- **EXERCISE OBJECTIVE**
Write out the data that follows exactly, keeping every picture out.

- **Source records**
________________

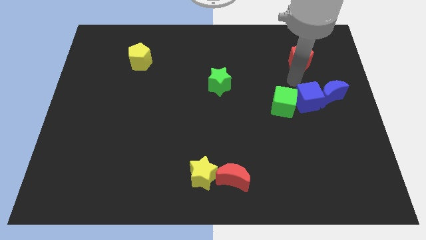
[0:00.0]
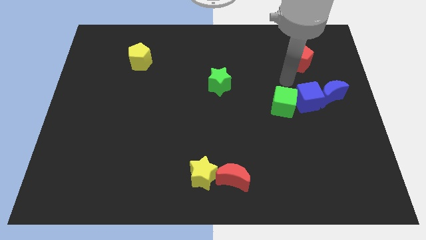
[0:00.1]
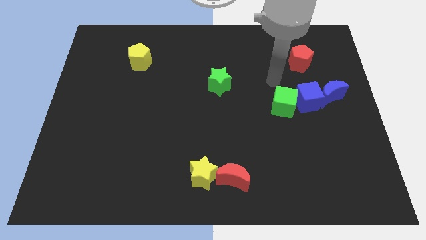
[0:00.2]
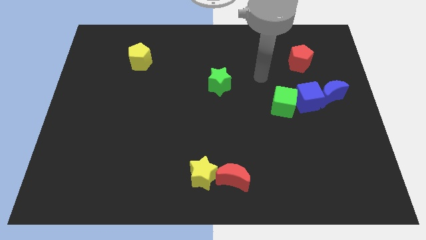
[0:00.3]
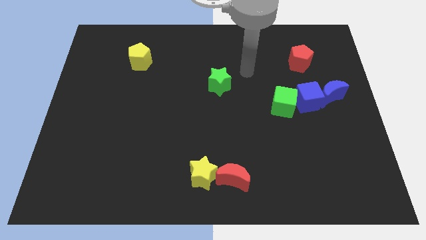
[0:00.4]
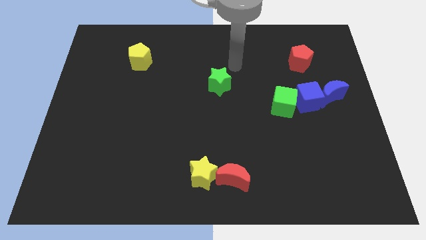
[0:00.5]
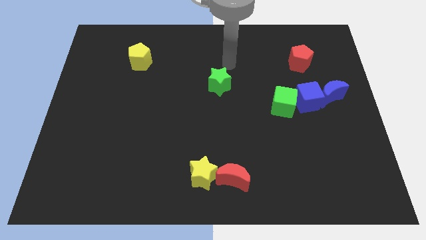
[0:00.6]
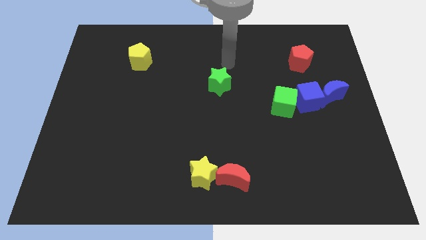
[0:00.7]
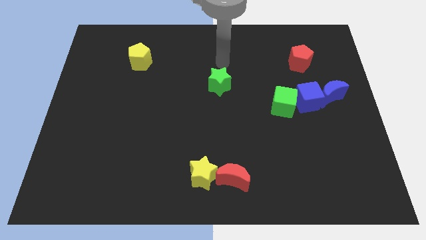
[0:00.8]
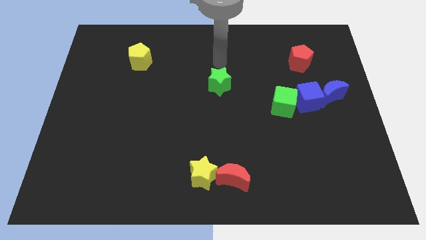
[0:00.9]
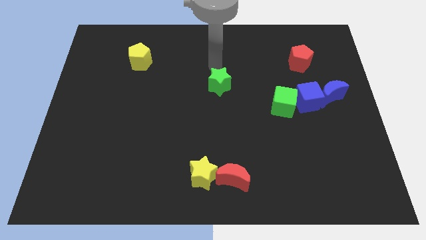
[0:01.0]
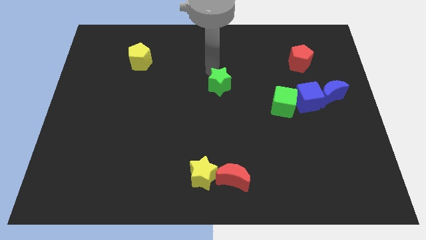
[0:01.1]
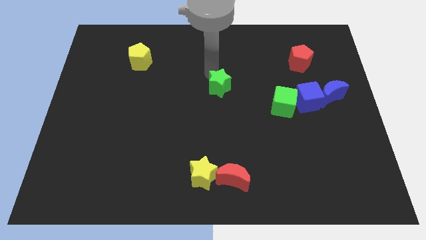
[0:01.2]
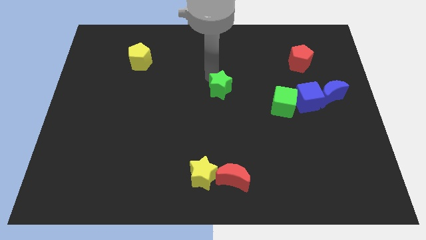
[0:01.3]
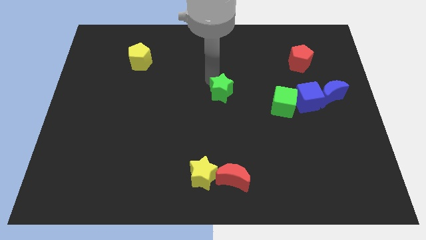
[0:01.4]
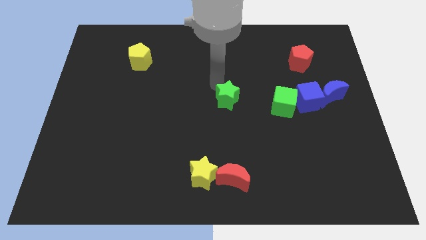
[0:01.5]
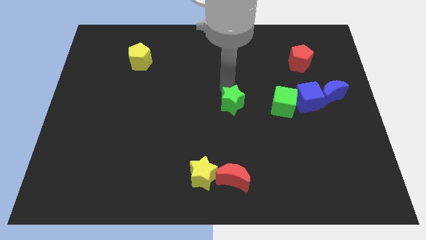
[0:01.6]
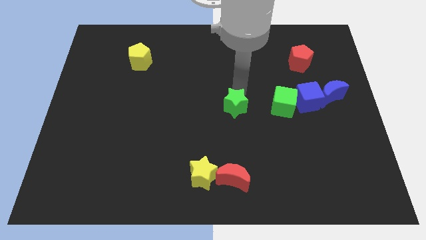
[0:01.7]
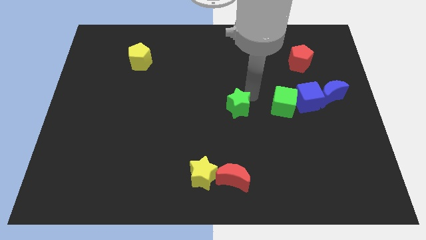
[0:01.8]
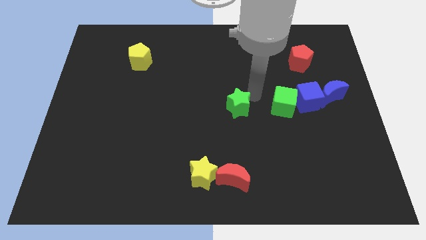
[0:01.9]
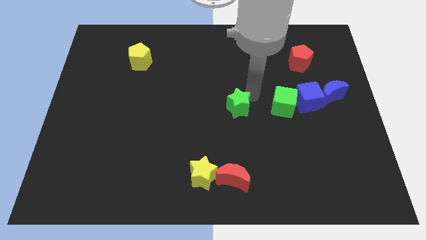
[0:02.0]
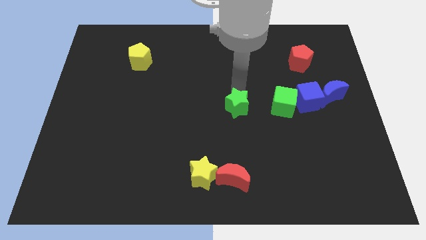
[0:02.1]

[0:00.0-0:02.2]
move the green star horizontally left to the green cube

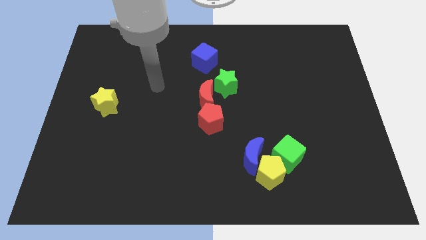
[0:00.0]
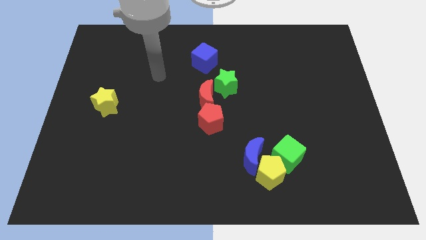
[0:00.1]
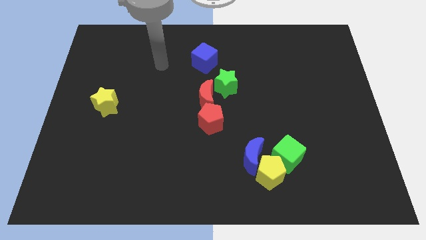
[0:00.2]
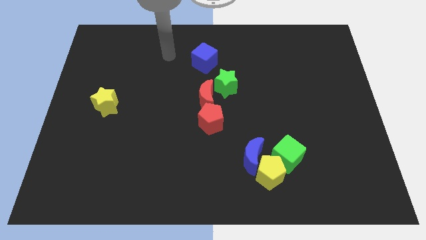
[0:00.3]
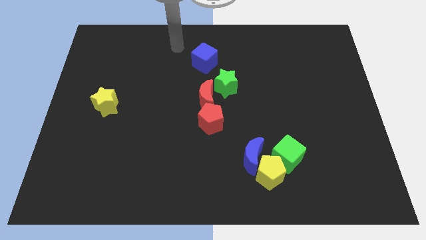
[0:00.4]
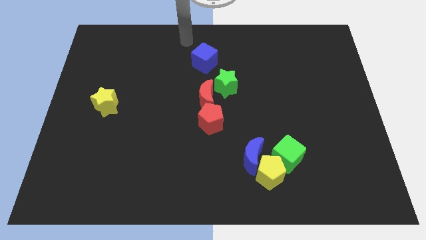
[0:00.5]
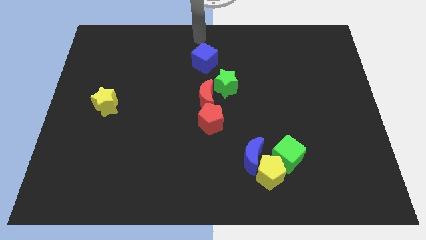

________________

- **TASK RESPONSE**
[0:00.0]
[0:00.1]
[0:00.2]
[0:00.3]
[0:00.4]
[0:00.5]
[0:00.6]
[0:00.7]
[0:00.8]
[0:00.9]
[0:01.0]
[0:01.1]
[0:01.2]
[0:01.3]
[0:01.4]
[0:01.5]
[0:01.6]
[0:01.7]
[0:01.8]
[0:01.9]
[0:02.0]
[0:02.1]

[0:00.0-0:02.2]
move the green star horizontally left to the green cube

[0:00.0]
[0:00.1]
[0:00.2]
[0:00.3]
[0:00.4]
[0:00.5]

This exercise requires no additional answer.